▶ **Work to be completed**
In the records below, pick out all lines containing the word "underlined".

Records excerpted from a collection:
◇ ◇ ◇ ◇

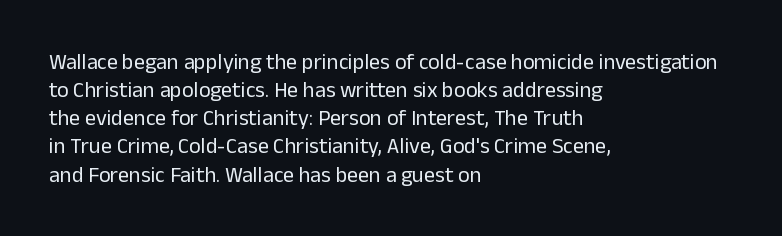
Q: Is the text bold? A: No.
Q: Is the text italic (slanted)? A: No, it is upright.
Q: Is the text underlined? A: No.
Q: How is the paragraph aligned? A: Left-aligned.
Q: Is the spacing between letters normal or unusually wide? A: Normal.
Q: Is the spacing between lines tight, normal or loose? A: Normal.
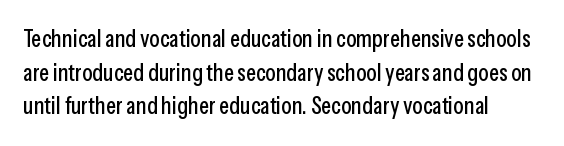
Leading matches the norm, producing a regular column. Every stem runs plumb, perpendicular to the baseline. Underline: absent. In CSS terms this would be text-align: left. Here the glyphs are tracked normally, forming tight word shapes.
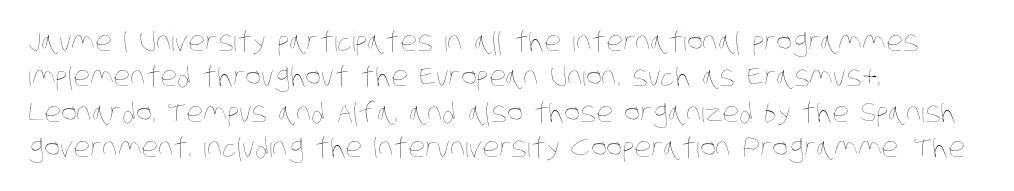
Words float on clear page, feet unadorned. Default kerning and tracking; the words read as compact shapes. Typeset ragged right — the left edge is the straight one. Bold? No — there's no thickening of the strokes. Evenly set lines give the paragraph a standard silhouette.
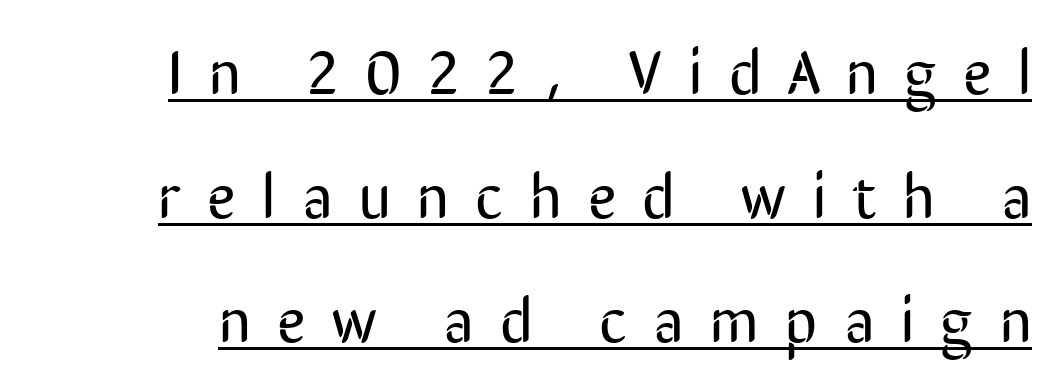
Q: Is the text bold? A: No.
Q: Is the text italic (slanted)? A: No, it is upright.
Q: Is the typeface a serif or a sans-serif typeface? A: Sans-serif.
Q: Is the text underlined? A: Yes.
Q: Is the spacing between letters normal or unusually wide? A: Unusually wide.
Q: Is the spacing between lines tight, normal or loose? A: Loose.
Q: Width (condensed, normal, or wide)? A: Condensed.
Q: Stroke contrast? A: Low.
Q: x-height? A: Medium.
Q: Monospaced? A: No.
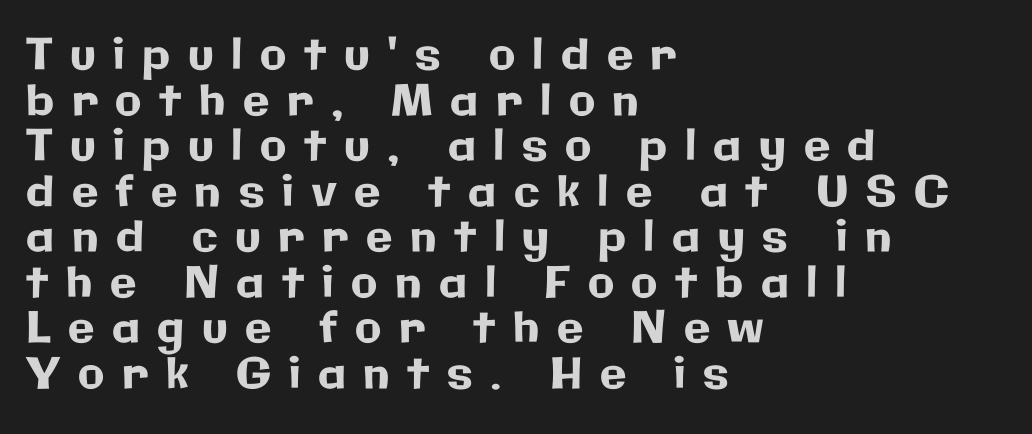
The tracking jumps out immediately: characters are airy and widely separated. The letters advance in unequal steps, a hallmark of proportional type. If you measured baseline to baseline, you'd find a short distance. A classic flush-left, rag-right setting is used for this passage.
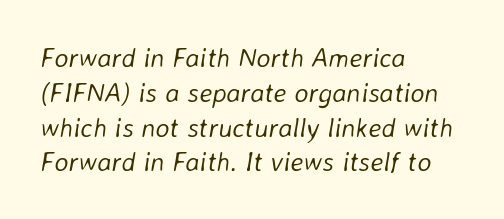
{"italic": "yes", "lean": "right", "slant_degrees": 8, "bold": "no", "underline": "no", "align": "left", "line_spacing": "normal", "line_spacing_ratio": 1.29, "letter_spacing": "normal", "letter_spacing_em": 0.0, "glyph_px": 27}

◇ ◇ ◇ ◇

▶ **Result of this exercise**
Q: Is the text underlined? A: No.
Q: Is the text underlined? A: Yes.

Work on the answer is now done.